What this task involves >> Transcribe exactly the lines that fall between the one holding "stroke-linecap: round;" and the one holding "fill: none;", inclusive, from the entries below.
* * * * * * * * *
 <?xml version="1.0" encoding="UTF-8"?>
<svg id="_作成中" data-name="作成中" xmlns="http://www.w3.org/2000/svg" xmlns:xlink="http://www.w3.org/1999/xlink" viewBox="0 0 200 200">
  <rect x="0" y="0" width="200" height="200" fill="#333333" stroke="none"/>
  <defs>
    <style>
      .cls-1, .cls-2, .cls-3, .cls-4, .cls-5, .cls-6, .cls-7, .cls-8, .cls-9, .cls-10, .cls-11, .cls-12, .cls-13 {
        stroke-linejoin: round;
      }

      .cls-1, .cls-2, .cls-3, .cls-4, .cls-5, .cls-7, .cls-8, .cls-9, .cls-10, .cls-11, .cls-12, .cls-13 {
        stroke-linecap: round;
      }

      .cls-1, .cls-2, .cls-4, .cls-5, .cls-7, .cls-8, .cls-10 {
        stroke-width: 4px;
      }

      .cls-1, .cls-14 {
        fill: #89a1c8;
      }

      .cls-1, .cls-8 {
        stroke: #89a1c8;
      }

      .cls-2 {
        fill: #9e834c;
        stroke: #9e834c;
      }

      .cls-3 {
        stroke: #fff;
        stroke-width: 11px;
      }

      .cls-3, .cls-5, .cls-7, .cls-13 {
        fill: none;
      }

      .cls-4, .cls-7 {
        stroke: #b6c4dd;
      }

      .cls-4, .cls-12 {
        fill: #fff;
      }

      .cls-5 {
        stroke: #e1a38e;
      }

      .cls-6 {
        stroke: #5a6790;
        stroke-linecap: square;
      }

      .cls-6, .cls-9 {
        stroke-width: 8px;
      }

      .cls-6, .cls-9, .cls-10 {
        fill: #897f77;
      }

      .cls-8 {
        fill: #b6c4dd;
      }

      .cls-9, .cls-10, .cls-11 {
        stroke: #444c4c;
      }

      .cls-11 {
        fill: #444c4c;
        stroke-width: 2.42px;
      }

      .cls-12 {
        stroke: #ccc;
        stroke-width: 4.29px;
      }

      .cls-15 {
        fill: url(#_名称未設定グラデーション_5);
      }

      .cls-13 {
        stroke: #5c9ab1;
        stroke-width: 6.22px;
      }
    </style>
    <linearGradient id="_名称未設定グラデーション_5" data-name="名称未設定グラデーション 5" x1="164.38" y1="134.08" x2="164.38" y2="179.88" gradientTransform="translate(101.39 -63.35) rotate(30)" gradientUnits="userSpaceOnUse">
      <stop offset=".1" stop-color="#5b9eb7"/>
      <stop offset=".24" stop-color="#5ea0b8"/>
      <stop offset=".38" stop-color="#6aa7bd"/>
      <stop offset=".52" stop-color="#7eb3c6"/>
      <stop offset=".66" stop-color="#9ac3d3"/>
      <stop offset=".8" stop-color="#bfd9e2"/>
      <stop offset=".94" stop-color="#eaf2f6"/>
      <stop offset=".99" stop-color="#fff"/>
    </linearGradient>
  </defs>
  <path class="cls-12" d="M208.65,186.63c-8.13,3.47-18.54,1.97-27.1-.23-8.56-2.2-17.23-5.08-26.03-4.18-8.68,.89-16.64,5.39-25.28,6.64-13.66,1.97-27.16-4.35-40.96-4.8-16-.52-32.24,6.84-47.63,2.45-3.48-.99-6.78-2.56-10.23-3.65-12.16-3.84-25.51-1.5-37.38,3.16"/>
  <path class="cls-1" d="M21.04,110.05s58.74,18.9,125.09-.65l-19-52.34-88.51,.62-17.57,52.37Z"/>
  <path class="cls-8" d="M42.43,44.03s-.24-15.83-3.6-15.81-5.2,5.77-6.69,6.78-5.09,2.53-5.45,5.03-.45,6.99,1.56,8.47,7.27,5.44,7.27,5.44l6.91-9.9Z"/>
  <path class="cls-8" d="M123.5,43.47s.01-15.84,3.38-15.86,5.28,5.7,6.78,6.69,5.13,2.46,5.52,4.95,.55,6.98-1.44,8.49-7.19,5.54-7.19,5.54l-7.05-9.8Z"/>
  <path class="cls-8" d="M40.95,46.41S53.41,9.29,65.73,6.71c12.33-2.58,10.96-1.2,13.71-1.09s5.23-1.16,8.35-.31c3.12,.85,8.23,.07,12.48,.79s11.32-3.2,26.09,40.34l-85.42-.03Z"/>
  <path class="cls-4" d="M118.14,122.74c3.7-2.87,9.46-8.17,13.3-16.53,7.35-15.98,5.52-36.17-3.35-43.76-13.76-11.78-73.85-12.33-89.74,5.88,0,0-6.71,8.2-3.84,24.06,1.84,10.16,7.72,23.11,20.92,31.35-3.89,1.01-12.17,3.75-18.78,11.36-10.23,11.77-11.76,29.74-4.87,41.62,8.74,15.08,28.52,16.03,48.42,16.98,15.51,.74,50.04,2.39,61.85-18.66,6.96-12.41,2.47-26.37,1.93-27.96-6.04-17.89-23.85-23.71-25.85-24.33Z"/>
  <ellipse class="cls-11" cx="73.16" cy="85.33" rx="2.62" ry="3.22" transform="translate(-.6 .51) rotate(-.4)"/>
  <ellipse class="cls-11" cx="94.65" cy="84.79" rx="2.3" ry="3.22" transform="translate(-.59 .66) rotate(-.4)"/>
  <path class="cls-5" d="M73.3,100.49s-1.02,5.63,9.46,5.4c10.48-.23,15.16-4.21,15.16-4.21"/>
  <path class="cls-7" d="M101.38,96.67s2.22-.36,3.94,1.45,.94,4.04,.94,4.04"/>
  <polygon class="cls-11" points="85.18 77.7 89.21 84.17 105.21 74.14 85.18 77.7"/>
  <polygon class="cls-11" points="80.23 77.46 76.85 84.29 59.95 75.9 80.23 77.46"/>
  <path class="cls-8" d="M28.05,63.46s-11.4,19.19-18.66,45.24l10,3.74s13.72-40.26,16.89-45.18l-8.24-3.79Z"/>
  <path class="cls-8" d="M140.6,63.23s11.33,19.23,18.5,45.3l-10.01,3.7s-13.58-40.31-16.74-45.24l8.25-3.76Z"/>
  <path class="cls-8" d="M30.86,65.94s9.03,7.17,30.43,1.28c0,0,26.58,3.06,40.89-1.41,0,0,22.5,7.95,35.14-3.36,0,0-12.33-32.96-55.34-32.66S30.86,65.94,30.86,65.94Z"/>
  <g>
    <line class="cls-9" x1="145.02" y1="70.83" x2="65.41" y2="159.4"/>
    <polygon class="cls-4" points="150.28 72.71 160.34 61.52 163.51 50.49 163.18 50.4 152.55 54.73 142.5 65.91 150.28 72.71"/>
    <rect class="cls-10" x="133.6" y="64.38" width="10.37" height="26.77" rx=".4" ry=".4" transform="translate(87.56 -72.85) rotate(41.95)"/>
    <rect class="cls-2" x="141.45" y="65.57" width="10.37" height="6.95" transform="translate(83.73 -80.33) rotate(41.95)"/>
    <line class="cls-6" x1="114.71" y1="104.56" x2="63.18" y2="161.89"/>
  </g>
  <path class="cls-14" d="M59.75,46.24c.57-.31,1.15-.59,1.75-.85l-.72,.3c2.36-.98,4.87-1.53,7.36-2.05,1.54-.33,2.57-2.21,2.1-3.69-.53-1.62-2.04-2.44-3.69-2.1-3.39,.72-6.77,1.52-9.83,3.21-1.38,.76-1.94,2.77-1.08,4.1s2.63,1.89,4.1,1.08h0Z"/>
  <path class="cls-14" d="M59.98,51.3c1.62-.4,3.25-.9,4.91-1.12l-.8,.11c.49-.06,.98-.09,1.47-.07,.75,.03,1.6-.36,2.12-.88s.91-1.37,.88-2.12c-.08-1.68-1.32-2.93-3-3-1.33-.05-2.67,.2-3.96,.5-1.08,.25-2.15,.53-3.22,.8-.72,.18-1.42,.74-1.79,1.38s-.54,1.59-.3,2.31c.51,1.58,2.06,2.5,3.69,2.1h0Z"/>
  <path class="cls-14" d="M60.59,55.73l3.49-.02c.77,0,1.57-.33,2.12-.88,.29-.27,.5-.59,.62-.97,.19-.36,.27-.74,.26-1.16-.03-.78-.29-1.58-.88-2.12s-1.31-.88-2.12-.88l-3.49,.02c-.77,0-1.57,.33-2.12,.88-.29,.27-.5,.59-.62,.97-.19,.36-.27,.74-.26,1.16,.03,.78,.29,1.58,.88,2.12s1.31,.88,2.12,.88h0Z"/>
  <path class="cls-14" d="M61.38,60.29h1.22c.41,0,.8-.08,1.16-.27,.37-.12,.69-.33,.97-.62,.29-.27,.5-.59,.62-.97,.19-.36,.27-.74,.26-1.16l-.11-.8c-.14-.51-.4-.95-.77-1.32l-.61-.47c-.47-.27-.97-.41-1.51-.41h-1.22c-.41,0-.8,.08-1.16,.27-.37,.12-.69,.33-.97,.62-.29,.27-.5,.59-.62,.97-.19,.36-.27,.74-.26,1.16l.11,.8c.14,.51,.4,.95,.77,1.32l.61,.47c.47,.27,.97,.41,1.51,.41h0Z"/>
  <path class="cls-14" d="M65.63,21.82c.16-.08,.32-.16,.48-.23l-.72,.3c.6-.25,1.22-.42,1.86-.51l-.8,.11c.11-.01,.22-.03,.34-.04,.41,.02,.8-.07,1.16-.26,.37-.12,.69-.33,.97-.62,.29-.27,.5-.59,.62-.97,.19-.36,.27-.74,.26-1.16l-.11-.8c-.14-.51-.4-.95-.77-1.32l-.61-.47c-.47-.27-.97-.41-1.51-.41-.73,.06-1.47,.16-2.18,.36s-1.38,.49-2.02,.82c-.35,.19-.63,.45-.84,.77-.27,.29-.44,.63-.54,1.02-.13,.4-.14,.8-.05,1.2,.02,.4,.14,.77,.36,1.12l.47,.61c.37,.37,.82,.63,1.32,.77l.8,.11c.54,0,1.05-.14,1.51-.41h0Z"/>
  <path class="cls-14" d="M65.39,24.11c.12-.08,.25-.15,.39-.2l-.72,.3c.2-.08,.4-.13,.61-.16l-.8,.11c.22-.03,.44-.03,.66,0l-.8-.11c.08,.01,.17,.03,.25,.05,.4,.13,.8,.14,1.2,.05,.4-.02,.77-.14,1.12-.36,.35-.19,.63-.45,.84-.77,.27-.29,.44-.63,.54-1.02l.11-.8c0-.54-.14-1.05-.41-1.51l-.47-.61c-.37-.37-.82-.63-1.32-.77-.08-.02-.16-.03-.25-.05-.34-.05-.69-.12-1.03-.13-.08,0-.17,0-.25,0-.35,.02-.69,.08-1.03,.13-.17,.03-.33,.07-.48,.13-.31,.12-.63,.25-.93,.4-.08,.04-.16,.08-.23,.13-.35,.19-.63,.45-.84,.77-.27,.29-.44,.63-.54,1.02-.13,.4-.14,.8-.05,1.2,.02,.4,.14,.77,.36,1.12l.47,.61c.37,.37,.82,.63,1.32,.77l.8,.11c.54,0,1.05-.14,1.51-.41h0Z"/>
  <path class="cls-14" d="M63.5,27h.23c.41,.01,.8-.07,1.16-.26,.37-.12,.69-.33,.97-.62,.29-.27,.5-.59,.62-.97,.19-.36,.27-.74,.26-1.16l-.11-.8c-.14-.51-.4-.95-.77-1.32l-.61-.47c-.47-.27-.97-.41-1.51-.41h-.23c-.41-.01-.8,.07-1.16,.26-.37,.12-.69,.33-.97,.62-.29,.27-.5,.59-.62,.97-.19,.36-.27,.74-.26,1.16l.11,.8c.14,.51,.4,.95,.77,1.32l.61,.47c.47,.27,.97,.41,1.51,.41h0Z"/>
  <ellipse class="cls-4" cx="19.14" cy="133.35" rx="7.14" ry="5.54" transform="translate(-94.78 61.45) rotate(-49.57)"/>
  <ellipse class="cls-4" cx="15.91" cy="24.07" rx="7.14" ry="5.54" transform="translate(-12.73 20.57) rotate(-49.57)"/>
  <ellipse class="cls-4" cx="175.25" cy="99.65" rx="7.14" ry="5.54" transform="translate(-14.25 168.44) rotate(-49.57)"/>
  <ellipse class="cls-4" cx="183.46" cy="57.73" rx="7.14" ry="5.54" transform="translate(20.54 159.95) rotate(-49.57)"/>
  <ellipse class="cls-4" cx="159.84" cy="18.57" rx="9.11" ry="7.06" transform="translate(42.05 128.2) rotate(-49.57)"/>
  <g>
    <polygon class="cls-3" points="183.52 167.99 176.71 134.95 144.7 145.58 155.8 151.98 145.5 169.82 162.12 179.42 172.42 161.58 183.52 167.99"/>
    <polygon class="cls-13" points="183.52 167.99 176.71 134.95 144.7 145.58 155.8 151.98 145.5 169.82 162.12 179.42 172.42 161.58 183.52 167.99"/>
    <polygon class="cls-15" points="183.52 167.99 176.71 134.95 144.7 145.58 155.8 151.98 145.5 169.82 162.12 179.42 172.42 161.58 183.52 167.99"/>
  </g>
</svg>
* * * * * * * * *
Solution to the problem >>
        stroke-linecap: round;
      }

      .cls-1, .cls-2, .cls-4, .cls-5, .cls-7, .cls-8, .cls-10 {
        stroke-width: 4px;
      }

      .cls-1, .cls-14 {
        fill: #89a1c8;
      }

      .cls-1, .cls-8 {
        stroke: #89a1c8;
      }

      .cls-2 {
        fill: #9e834c;
        stroke: #9e834c;
      }

      .cls-3 {
        stroke: #fff;
        stroke-width: 11px;
      }

      .cls-3, .cls-5, .cls-7, .cls-13 {
        fill: none;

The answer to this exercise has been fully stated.